Well, move over philosophy, because science has made a crucial step in building the equipment that will help us answer questions like these. And it involves shooting ghostly particles called neutrinos literally through the Earth over a distance of 800 miles (nearly 1,300 kilometers) from one physics lab to another.

An international group of physicists has announced that they have seen the first signals in a cube-shaped detector called ProtoDUNE. This is a very big stepping stone in the DUNE experiment, which will be America's flagship particle physics research program for the next two decades. ProtoDUNE, which is the size of a three-story house, is a prototype of the much larger detectors that will be used in the DUNE experiment and today's (Sept. 18) announcement demonstrates that the technology that was selected works. [The 18 Biggest Unsolved Mysteries in Physics]

The DUNE detectors will be located at the Fermi National Accelerator Laboratory (Fermilab), just outside Chicago, and the Sanford Underground Research Facility (SURF), in Lead, South Dakota.
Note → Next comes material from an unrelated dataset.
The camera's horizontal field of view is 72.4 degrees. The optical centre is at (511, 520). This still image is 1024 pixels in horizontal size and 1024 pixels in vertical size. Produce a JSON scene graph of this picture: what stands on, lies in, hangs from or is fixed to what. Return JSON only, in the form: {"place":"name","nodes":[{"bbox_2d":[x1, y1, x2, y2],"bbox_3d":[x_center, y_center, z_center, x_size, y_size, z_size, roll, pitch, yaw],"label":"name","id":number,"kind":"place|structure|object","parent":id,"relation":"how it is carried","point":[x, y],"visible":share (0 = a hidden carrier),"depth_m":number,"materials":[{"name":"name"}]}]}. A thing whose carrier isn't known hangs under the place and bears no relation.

When the experiment is up and running, a powerful particle accelerator at Fermilab will make an intense beam of subatomic particles called neutrinos, shoot them literally through the Earth, to be detected at SURF.
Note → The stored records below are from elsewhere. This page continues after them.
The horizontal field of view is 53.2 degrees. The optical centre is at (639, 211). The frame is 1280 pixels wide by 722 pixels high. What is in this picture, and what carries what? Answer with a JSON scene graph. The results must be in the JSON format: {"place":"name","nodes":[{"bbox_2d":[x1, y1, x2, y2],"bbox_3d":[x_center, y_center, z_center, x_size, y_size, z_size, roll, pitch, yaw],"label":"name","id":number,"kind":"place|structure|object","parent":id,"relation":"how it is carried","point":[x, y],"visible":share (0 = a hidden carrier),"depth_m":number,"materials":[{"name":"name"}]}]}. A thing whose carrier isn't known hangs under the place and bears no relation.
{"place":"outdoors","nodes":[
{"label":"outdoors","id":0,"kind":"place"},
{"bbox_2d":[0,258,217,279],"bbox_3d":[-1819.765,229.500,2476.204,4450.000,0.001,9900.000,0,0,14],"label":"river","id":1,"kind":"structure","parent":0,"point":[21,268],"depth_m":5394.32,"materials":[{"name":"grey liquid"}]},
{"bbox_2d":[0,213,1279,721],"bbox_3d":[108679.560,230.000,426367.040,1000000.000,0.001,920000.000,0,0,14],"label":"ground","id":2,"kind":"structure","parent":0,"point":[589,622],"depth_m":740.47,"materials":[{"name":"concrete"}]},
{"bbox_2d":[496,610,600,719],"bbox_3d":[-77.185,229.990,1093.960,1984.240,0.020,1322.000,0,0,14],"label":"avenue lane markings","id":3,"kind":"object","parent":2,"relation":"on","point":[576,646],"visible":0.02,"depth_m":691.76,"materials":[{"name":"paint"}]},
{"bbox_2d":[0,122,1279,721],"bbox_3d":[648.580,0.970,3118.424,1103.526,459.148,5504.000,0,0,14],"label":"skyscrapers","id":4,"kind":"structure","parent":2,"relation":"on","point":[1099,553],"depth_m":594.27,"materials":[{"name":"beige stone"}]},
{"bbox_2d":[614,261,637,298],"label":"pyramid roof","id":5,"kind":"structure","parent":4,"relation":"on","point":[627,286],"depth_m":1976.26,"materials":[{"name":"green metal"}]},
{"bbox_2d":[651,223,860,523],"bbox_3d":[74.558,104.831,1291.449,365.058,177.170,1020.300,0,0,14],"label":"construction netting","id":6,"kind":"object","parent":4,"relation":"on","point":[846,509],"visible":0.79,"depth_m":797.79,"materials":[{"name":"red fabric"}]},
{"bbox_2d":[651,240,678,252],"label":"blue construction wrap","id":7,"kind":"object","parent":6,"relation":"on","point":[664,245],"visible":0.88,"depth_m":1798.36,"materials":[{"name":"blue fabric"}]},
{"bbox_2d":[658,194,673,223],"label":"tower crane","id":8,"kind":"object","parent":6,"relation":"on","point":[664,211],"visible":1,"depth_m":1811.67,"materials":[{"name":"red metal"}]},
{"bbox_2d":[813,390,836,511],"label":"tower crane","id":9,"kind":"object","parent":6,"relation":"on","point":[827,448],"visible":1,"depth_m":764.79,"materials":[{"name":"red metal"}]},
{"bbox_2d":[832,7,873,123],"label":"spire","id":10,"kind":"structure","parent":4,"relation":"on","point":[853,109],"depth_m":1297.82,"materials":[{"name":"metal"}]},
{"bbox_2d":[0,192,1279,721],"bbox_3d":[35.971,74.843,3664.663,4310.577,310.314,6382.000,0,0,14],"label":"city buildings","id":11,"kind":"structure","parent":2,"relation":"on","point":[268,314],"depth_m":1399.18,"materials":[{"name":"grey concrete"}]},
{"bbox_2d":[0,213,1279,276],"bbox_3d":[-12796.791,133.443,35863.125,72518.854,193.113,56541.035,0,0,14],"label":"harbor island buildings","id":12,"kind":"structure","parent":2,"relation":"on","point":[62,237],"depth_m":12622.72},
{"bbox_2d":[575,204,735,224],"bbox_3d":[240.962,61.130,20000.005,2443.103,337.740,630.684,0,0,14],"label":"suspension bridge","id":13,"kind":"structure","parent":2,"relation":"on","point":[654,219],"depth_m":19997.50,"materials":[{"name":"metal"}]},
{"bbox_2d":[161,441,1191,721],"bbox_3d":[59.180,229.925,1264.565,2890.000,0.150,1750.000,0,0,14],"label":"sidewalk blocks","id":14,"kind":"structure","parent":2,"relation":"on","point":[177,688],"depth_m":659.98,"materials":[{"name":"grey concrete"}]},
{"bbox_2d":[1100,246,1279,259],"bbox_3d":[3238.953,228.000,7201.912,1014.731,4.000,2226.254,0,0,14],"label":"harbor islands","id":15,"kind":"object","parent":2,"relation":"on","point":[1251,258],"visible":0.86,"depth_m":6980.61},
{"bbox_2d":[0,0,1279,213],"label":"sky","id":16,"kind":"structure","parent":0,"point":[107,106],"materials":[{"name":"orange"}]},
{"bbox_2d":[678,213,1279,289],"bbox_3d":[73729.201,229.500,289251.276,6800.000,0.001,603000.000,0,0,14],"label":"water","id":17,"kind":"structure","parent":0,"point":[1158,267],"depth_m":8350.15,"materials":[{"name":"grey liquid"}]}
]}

Neutrinos are the ghosts of the subatomic world, able to pass through the entire planet with almost no interactions. Neutrinos have surprised scientists many times in the past. From their unprecedented ability to pass through matter without interacting, to the fact that they treat matter and antimatter very differently, to their ability to morph from one version into another, neutrinos continue to fascinate the world's scientific community. It is those last two properties that the DUNE experiment will investigate.
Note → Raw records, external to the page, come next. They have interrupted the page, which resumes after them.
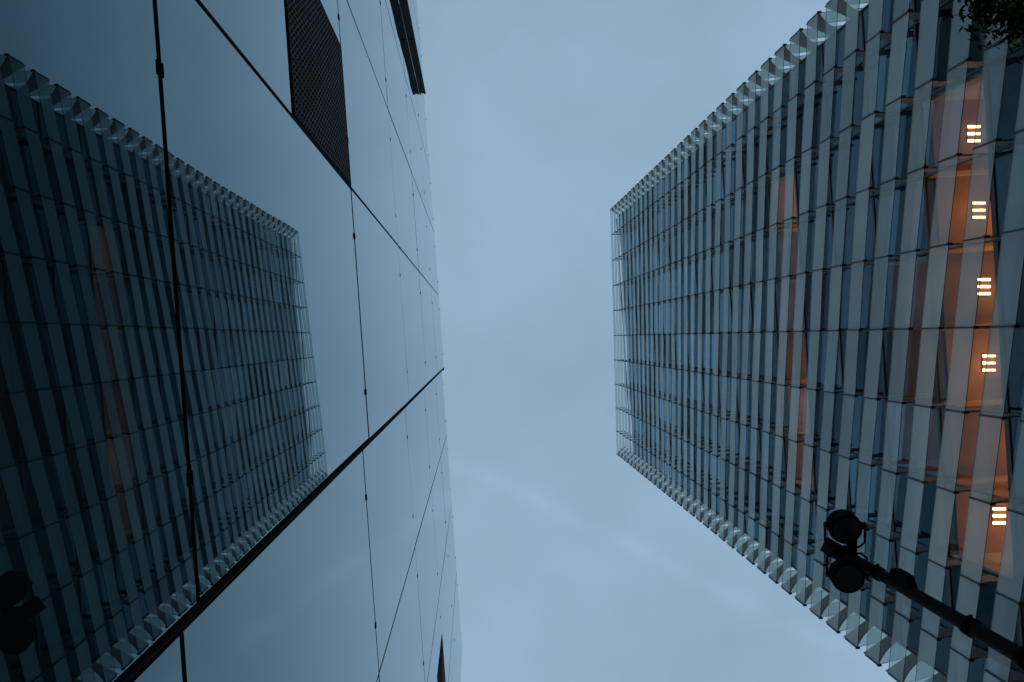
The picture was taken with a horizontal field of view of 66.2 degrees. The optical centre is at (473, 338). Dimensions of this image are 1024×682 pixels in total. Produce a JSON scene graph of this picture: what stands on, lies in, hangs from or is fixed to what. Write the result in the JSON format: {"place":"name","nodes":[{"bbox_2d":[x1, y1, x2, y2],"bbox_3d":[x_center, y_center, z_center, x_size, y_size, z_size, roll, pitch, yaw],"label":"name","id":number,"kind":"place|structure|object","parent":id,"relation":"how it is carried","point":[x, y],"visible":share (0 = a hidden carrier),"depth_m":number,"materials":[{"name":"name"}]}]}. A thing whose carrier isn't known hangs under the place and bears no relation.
{"place":"outdoors","nodes":[
{"label":"outdoors","id":0,"kind":"place"},
{"bbox_2d":[417,0,950,681],"label":"sky","id":1,"kind":"structure","parent":0,"point":[572,565],"materials":[{"name":"blue"}]},
{"bbox_2d":[820,509,1023,669],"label":"street lamp","id":2,"kind":"object","parent":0,"point":[849,570],"visible":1,"depth_m":12.89,"materials":[{"name":"black metal"}]},
{"bbox_2d":[950,0,1023,63],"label":"tree","id":3,"kind":"object","parent":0,"point":[1011,13],"visible":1,"depth_m":6.90,"materials":[{"name":"green plant"}]},
{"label":"pavement","id":4,"kind":"structure","parent":0,"visible":0},
{"bbox_2d":[610,0,1023,681],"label":"office tower","id":5,"kind":"structure","parent":4,"relation":"on","point":[816,322],"depth_m":34.00,"materials":[{"name":"blue glass"}]},
{"bbox_2d":[967,125,980,142],"bbox_3d":[17.117,-7.020,26.890,0.430,0.100,0.600,0,-90,0],"label":"ceiling light","id":6,"kind":"object","parent":5,"relation":"attached to","point":[971,135],"visible":0.98,"depth_m":26.87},
{"bbox_2d":[972,201,985,218],"bbox_3d":[17.289,-4.403,26.890,0.430,0.100,0.600,0,-90,0],"label":"ceiling light","id":7,"kind":"object","parent":5,"relation":"attached to","point":[978,209],"visible":1,"depth_m":26.88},
{"bbox_2d":[977,278,990,294],"bbox_3d":[17.462,-1.786,26.890,0.430,0.100,0.600,0,-90,0],"label":"ceiling light","id":8,"kind":"object","parent":5,"relation":"attached to","point":[985,286],"visible":0.96,"depth_m":26.87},
{"bbox_2d":[982,354,995,371],"bbox_3d":[17.635,0.831,26.890,0.430,0.100,0.600,0,-90,0],"label":"ceiling light","id":9,"kind":"object","parent":5,"relation":"attached to","point":[991,363],"visible":1,"depth_m":26.88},
{"bbox_2d":[992,507,1005,524],"bbox_3d":[17.980,6.065,26.890,0.430,0.100,0.600,0,-90,0],"label":"ceiling light","id":10,"kind":"object","parent":5,"relation":"attached to","point":[998,515],"visible":1,"depth_m":26.88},
{"label":"ground","id":11,"kind":"structure","parent":0,"visible":0},
{"bbox_2d":[0,0,461,681],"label":"mirror clad building","id":12,"kind":"structure","parent":11,"relation":"on","point":[222,436],"depth_m":3.44,"materials":[{"name":"blue glass"}]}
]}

Antimatter is something that sounds like science fiction, but it's most assuredly real. Antimatter is the opposite of matter; bring matter and antimatter together and they will annihilate into pure energy. Antimatter was proposed in 1928 and first observed in 1931. In the intervening decades, scientists (including me) have studied it in excruciating detail. Mostly it's understood, with one very vexing remaining mystery. When we convert energy into antimatter, we make an identical amount of matter. This is well-established science. That's not the problem.

The problem is that if we combine that observation with the idea of the Big Bang, something doesn't hang together. After all, shortly after the Big Bang, the universe was full of energy, which should have turned into matter and antimatter equally. Yet our universe is made entirely of matter. So where did that antimatter go? This question is unanswered; but perhaps a careful study of matter and antimatter neutrinos might reveal a difference. [Big Bang to Civilization 10 Amazing Origin Events]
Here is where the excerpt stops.